## [Work item]
Produce an exact copy of the lines below, starting at the first and ending with the line containing "22H31.19C14.03 22 0".

## [Stored data]
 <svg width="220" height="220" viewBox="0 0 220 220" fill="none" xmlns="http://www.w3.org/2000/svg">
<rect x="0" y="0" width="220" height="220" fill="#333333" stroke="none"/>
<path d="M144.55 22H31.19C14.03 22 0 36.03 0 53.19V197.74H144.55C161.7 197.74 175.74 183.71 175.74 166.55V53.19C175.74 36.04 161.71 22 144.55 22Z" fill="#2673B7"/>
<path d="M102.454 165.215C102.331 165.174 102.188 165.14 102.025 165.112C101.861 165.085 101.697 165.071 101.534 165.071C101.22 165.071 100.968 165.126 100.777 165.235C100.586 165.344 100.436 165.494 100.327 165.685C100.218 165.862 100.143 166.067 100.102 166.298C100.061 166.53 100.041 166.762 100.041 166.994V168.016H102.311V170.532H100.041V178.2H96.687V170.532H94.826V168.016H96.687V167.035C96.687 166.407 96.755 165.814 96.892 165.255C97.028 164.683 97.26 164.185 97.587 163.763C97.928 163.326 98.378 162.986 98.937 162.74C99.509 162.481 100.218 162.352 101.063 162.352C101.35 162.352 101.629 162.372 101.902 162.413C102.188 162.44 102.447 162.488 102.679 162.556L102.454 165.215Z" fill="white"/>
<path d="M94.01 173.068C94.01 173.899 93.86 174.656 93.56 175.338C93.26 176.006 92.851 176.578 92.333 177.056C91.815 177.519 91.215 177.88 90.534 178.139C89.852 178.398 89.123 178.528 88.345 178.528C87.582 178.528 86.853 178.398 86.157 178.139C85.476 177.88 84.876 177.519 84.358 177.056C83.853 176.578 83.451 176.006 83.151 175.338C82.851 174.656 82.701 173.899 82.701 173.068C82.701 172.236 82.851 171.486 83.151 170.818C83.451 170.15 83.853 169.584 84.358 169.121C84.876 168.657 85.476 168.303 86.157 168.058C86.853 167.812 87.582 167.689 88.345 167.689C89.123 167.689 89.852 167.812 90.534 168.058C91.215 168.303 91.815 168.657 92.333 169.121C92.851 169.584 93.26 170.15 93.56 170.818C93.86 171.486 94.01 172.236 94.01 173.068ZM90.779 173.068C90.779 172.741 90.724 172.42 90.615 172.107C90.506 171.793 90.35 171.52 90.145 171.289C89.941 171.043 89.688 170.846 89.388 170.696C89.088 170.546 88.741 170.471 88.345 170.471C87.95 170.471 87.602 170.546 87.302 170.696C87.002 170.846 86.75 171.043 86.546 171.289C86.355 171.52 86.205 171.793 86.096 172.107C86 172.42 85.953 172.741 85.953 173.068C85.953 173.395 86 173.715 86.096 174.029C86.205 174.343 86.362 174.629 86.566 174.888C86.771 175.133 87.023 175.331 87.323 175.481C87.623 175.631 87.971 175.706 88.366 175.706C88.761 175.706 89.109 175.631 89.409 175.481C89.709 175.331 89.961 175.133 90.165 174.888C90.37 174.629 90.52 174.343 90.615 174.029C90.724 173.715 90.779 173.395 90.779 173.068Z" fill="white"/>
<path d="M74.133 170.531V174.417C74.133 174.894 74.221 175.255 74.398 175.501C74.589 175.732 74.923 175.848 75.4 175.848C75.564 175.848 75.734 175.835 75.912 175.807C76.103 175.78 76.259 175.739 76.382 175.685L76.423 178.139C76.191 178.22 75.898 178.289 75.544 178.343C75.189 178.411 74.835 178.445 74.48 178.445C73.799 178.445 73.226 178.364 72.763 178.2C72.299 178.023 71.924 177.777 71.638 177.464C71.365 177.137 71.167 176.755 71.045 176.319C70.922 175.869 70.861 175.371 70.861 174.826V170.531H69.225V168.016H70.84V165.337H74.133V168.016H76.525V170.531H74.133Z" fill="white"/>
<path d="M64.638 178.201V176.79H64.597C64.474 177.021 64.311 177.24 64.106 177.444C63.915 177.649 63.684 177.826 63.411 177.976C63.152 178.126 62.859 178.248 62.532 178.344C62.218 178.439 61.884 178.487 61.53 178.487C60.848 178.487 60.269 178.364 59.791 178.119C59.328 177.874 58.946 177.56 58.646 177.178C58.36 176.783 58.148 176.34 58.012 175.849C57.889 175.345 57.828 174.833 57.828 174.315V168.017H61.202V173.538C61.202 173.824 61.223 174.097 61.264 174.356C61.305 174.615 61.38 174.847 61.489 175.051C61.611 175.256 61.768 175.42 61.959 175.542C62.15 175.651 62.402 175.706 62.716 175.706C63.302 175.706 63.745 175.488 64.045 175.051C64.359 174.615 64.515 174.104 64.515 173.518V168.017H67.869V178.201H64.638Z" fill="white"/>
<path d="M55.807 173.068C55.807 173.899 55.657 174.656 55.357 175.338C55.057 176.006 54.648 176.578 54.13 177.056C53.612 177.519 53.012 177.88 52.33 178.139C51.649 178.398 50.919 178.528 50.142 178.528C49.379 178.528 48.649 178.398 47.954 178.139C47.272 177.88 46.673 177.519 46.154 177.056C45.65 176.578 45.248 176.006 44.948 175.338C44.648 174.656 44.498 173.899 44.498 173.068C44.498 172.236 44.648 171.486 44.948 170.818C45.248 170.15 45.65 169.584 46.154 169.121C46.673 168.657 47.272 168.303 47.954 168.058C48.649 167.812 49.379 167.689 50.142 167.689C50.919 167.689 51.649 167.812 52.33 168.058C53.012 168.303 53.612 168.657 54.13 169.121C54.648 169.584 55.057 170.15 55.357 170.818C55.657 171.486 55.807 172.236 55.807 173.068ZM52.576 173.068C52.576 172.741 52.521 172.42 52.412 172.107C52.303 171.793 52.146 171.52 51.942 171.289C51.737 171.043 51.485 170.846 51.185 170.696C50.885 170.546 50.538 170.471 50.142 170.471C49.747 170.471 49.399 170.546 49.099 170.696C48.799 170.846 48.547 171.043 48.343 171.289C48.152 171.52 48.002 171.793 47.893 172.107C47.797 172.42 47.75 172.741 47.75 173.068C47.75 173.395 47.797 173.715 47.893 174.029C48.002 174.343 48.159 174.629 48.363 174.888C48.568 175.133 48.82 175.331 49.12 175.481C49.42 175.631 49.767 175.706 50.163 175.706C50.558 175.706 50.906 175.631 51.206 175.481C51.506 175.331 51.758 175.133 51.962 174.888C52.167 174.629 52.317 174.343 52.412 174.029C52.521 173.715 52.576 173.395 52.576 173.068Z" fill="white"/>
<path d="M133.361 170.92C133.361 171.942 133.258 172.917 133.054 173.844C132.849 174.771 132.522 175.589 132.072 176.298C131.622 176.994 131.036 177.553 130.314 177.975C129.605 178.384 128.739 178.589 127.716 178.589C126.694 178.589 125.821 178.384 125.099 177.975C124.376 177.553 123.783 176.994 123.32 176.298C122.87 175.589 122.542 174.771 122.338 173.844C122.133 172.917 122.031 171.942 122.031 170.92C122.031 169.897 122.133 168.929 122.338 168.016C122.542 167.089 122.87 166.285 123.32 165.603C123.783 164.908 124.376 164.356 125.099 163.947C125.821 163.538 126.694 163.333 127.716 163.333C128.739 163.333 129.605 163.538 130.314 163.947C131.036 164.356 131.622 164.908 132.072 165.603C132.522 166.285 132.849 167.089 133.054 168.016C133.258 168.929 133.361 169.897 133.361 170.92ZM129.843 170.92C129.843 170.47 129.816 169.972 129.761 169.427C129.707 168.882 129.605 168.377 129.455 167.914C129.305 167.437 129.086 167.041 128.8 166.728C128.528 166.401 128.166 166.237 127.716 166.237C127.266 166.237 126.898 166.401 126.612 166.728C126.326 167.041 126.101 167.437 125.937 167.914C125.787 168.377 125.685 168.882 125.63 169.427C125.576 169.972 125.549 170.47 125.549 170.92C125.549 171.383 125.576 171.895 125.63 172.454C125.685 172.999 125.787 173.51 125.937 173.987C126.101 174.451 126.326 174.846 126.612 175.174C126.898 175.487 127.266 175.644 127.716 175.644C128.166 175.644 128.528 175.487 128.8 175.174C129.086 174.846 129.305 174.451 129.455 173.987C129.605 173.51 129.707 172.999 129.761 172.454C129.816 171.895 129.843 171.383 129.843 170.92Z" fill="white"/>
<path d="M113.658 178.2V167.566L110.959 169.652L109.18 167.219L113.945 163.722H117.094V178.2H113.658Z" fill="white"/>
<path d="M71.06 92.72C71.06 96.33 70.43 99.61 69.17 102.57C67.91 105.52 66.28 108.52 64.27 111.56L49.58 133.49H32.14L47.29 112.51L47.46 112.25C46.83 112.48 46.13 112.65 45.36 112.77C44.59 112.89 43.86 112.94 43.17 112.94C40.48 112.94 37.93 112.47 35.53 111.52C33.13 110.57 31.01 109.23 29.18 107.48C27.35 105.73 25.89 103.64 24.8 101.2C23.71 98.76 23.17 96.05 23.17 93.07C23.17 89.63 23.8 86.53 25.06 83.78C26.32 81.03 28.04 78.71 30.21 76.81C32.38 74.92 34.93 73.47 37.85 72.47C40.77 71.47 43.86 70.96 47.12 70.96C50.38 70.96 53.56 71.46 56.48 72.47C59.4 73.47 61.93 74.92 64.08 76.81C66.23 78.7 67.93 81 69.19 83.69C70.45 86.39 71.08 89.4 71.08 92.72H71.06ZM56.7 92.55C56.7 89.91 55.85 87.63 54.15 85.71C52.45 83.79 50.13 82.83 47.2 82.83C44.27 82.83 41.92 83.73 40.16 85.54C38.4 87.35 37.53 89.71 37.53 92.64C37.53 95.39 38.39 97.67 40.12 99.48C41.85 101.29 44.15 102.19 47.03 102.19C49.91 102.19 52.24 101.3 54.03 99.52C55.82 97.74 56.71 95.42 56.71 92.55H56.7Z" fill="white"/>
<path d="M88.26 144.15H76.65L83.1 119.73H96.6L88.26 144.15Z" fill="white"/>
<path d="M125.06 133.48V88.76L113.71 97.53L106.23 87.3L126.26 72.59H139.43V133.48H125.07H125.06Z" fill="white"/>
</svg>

## [Your solution]
 <svg width="220" height="220" viewBox="0 0 220 220" fill="none" xmlns="http://www.w3.org/2000/svg">
<rect x="0" y="0" width="220" height="220" fill="#333333" stroke="none"/>
<path d="M144.55 22H31.19C14.03 22 0 36.03 0 53.19V197.74H144.55C161.7 197.74 175.74 183.71 175.74 166.55V53.19C175.74 36.04 161.71 22 144.55 22Z" fill="#2673B7"/>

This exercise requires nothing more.